In 1855, the businessman Charles Seale Hayne restored Kingswear to form a summer house, using the local architect Thomas Lidstone; the ground floor was redesigned, a conical roof added and a detached round tower constructed on the north-west side. During the Second World War, it was used by the Royal Marines and the site reinforced by a concrete blockhouse. In 1955, the castle was bought by Sir Frederic Bennett, newly elected as Member of Parliament for Torquay (and afterwards for Torbay), who turned it into a private residence and his constituency base. Following his retirement from politics in 1987, Sir Frederic sold the castle to The Landmark Trust who converted it for use as a holiday let, restoring the ground floor of the main building to its original appearance and recreating the earlier flat, lead roof. It is protected under UK law as a Grade I listed building.

== See also ==
- Castles in Great Britain and Ireland
- List of castles in England

==Bibliography==
- Davison, Brian K. (2000). "Dartmouth Castle, Devon"
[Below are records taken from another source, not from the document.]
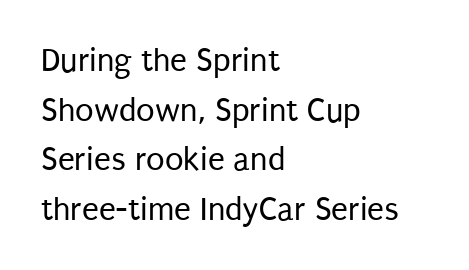
{"serif": "no", "italic": "no", "bold": "no", "weight": "regular", "width": "condensed", "stroke_contrast": "low", "x_height": "large", "monospaced": "no", "underline": "no", "align": "left", "line_spacing": "normal", "line_spacing_ratio": 1.46, "letter_spacing": "normal", "letter_spacing_em": 0.0, "glyph_px": 34}
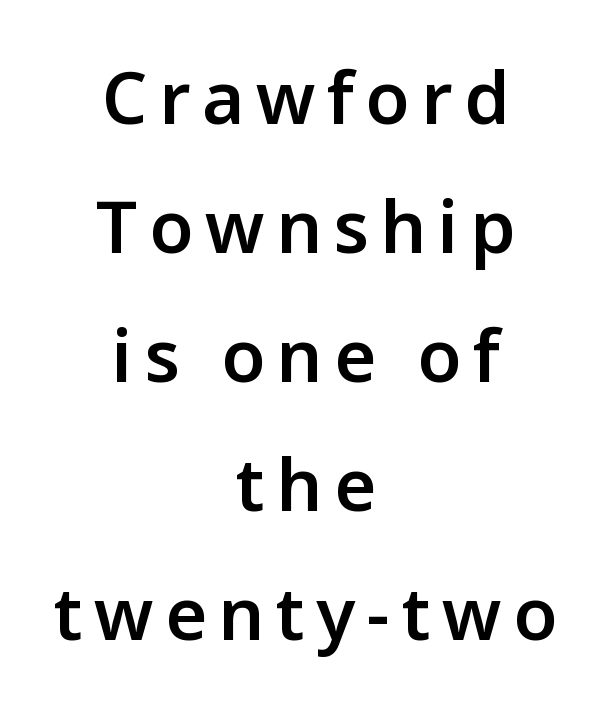
{"serif": "no", "italic": "no", "bold": "semi", "weight": "semibold", "width": "normal", "stroke_contrast": "low", "x_height": "medium", "monospaced": "no", "underline": "no", "align": "center", "line_spacing_ratio": 1.79, "glyph_px": 72}
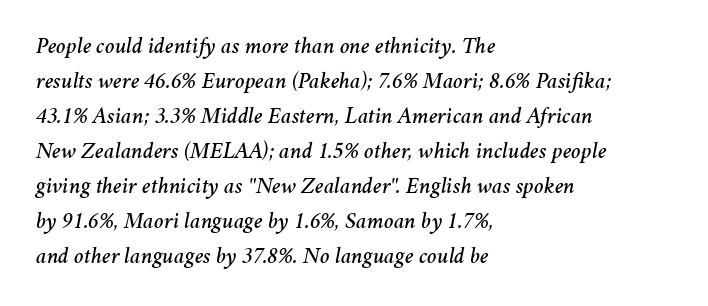
{"italic": "yes", "lean": "right", "slant_degrees": 11, "underline": "no", "align": "left", "line_spacing": "normal", "line_spacing_ratio": 1.52, "letter_spacing": "normal", "letter_spacing_em": 0.0, "glyph_px": 23}
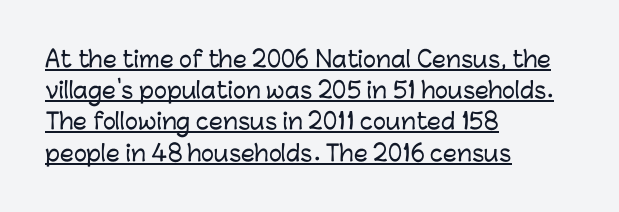
Line spacing here is normal. The glyphs are accompanied by a horizontal stroke just below them. Italic: no, the glyphs are upright roman. The rendering anchors every line to the left-hand side. Characters follow at the spacing the type designer built in.
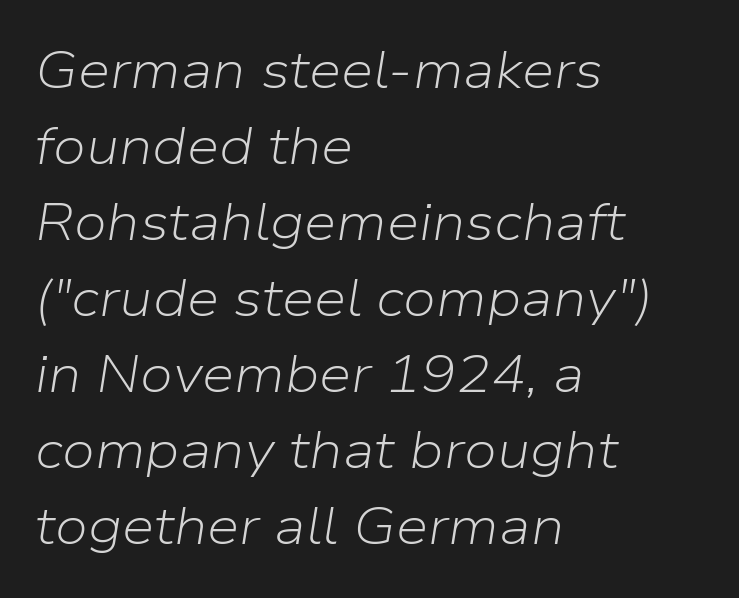
The lines are quadded left. Compared with typical body copy, the letter spacing here is the same. A typesetter would call this proportional, since set widths differ per character. This sample uses an oblique cut, with every glyph tilted off the vertical. Weight: in the light-to-regular range.
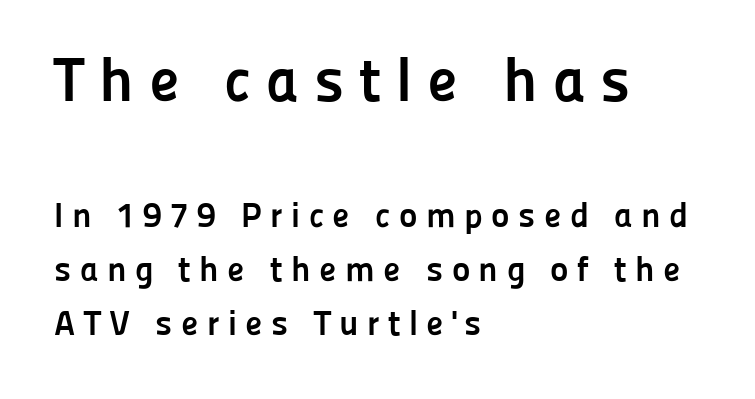
The image shows 62 px semibold sans-serif type, upright; set left-aligned, normal line spacing (1.55x), unusually wide letter spacing (+0.24 em), not underlined; the first (top) block is 1.77x larger; low stroke contrast and a medium x-height.
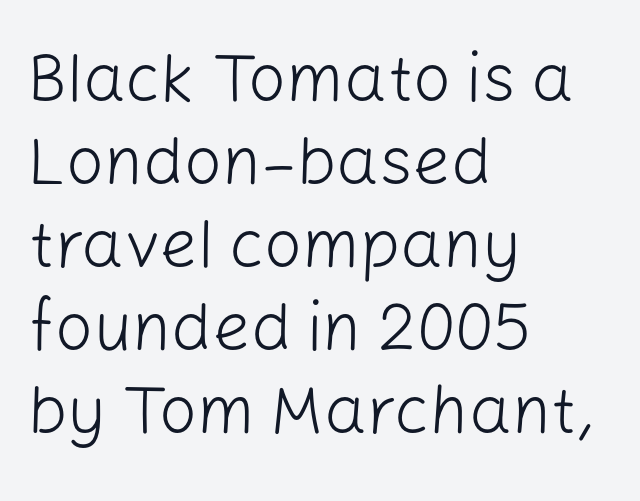
Upright lettering throughout. Nothing heavy about these letters — not bold at all. Caption: standard tracking, unaltered. Each letter keeps its own natural width here, so spacing adapts to shape.
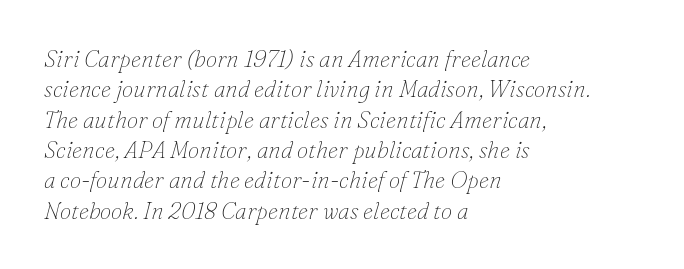
Reading down the block, your eye returns to a fixed left position each line. This is oblique type, the kind used for emphasis or titles. Think standard paragraph weight, or any step lighter than that. Nobody touched the tracking dial on this one.
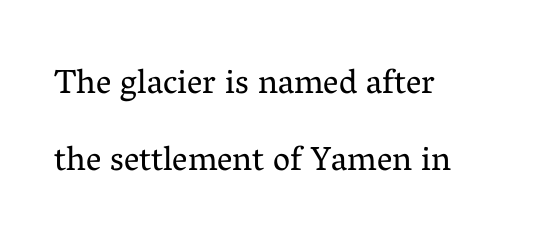
Is this a sans? No — the strokes have serifs. The letters sit at their default tracking, neither squeezed nor spread. Glance below the letters and you will spot only blank space. Widely set lines give the paragraph a tall, airy silhouette. The rendering uses natural spacing where letterforms have individual widths. When letters stand straight like this, we call the style roman or upright.
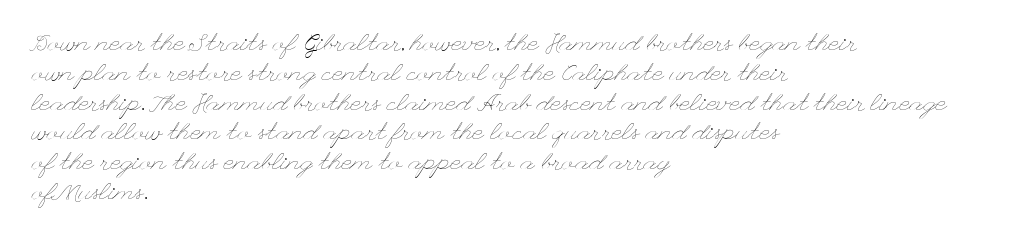
The image shows 24 px text type; set left-aligned, line spacing 1.24x, normal letter spacing, not underlined.
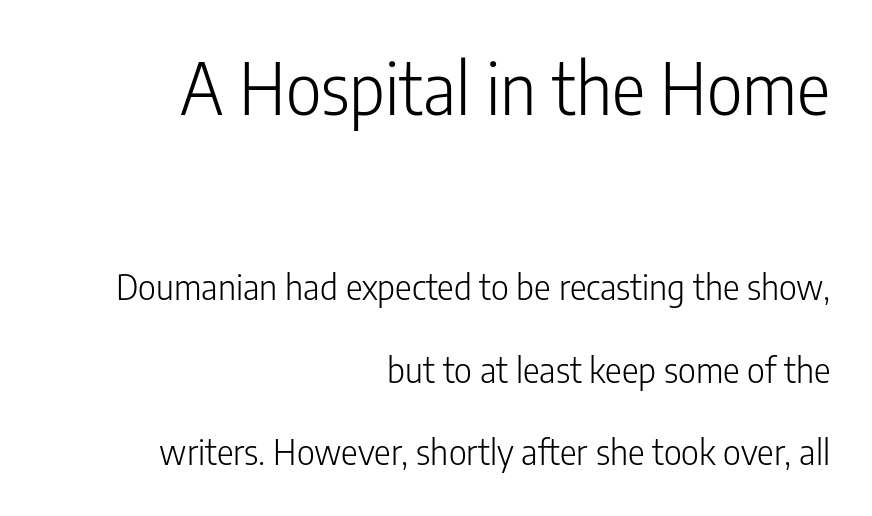
The image shows 70 px light, condensed sans-serif type, upright; set right-aligned, loose line spacing (2.36x), normal letter spacing, not underlined; the first (top) block is 2.0x larger; low stroke contrast and a medium x-height.
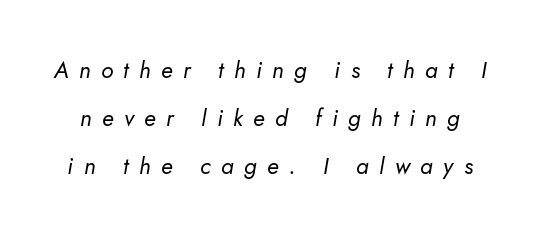
The image shows 23 px text type, italic (leaning right); set loose line spacing (2.09x), unusually wide letter spacing (+0.45 em), not underlined.
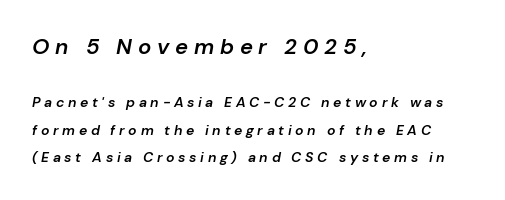
Glance below the letters and you will spot only blank space. The face used here is rendered with a markedly widened letterfit. You can tell it's italic because the verticals aren't actually vertical. Vertical spacing — loose.
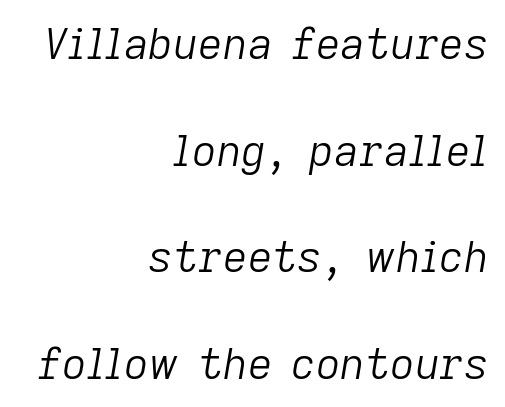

- Keay, Anna (2015). "Landmark: A History of Britain in 50 Buildings"
- O'Neil, B. H. St. John (1936). "Dartmouth Castle and Other Defences of Dartmouth Haven"
- Saunders, Andrew (1989). "Fortress Britain: Artillery Fortifications in the British Isles and Ireland"
- Watkin, Hugh Robert (1920). "House of Stuart and the Cary Family, James II and Torre Abbey"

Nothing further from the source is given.